---------- Supplied records

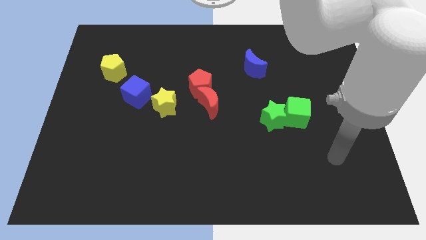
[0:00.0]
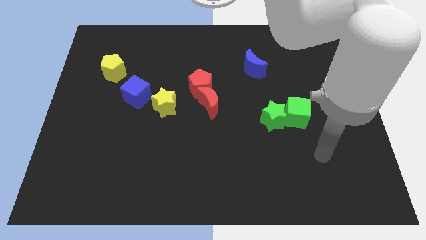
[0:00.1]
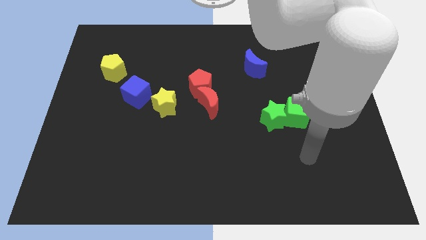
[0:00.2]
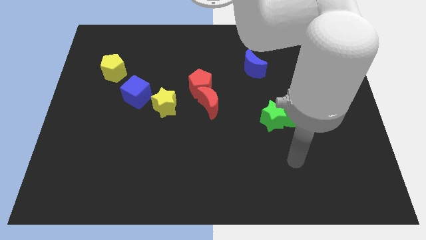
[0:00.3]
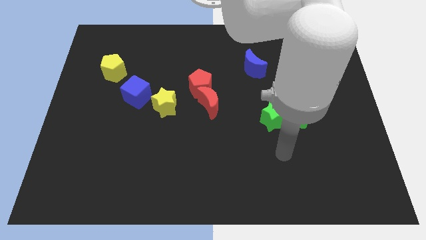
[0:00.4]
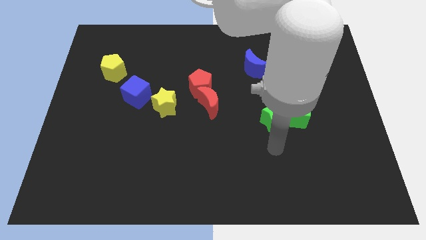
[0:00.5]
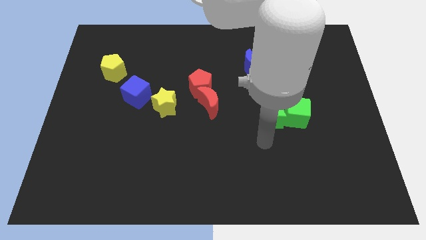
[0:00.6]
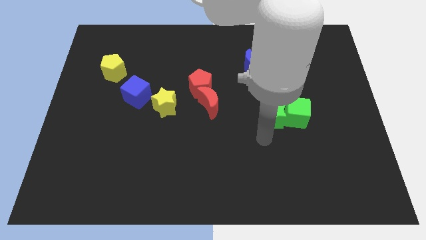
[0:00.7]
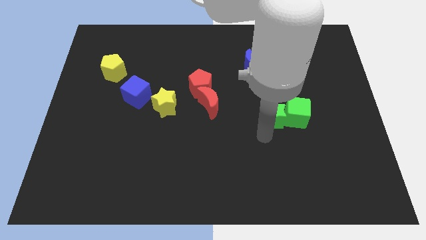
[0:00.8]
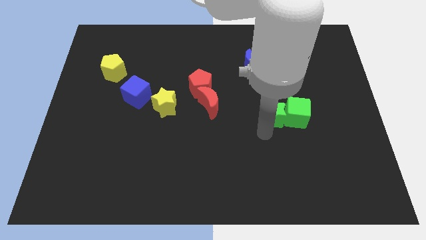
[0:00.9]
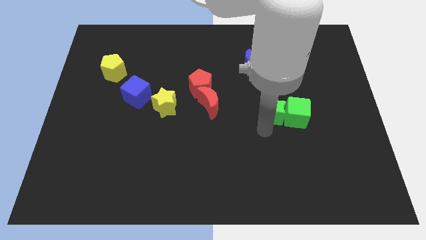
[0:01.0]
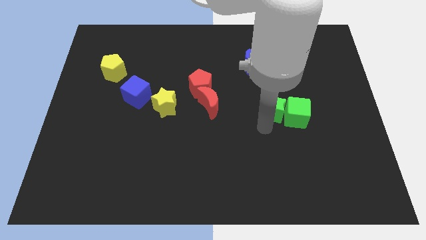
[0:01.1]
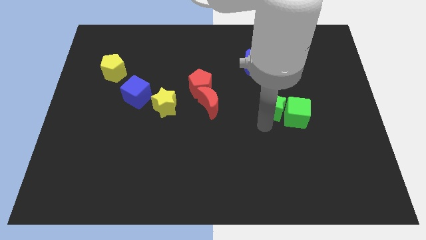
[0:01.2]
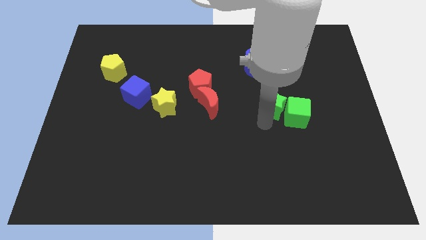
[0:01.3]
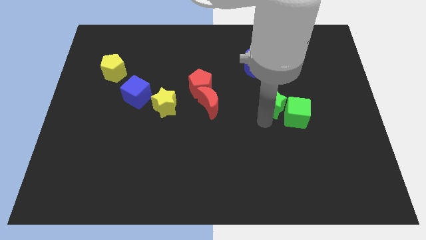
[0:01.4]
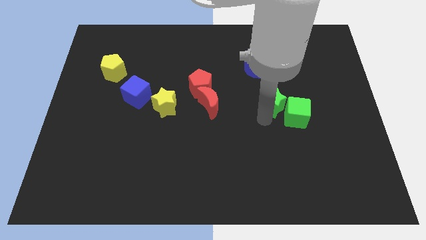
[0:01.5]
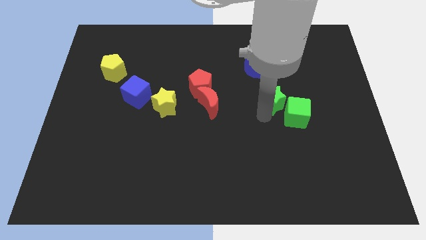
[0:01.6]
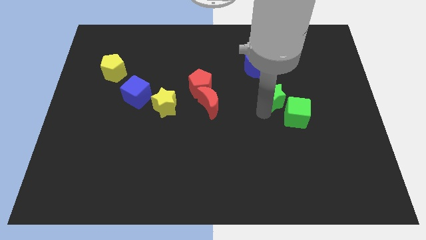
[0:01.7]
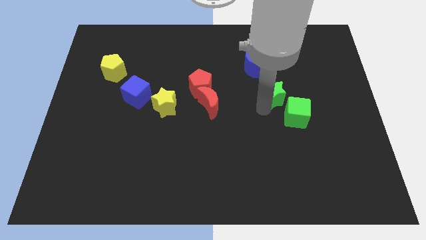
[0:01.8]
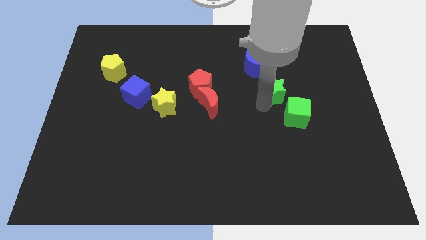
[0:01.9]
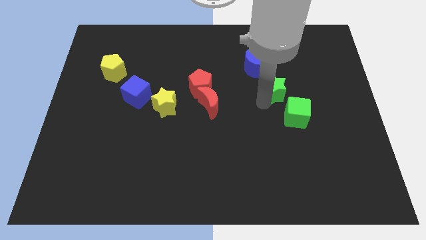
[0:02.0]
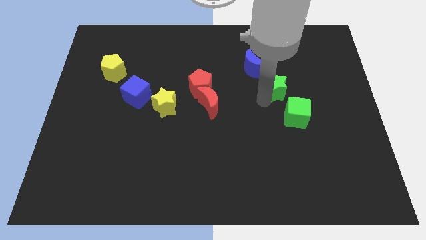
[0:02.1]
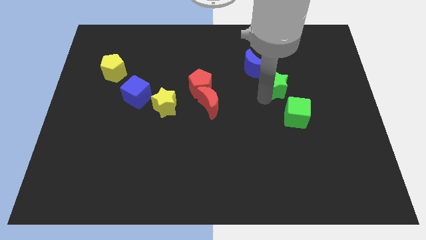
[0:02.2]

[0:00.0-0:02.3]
slide the green star upwards and to the right a little

--------------------

Task goal: Keep the pictures out of the copy and return the rest of the data above exactly.

Answer section:
[0:00.0]
[0:00.1]
[0:00.2]
[0:00.3]
[0:00.4]
[0:00.5]
[0:00.6]
[0:00.7]
[0:00.8]
[0:00.9]
[0:01.0]
[0:01.1]
[0:01.2]
[0:01.3]
[0:01.4]
[0:01.5]
[0:01.6]
[0:01.7]
[0:01.8]
[0:01.9]
[0:02.0]
[0:02.1]
[0:02.2]

[0:00.0-0:02.3]
slide the green star upwards and to the right a little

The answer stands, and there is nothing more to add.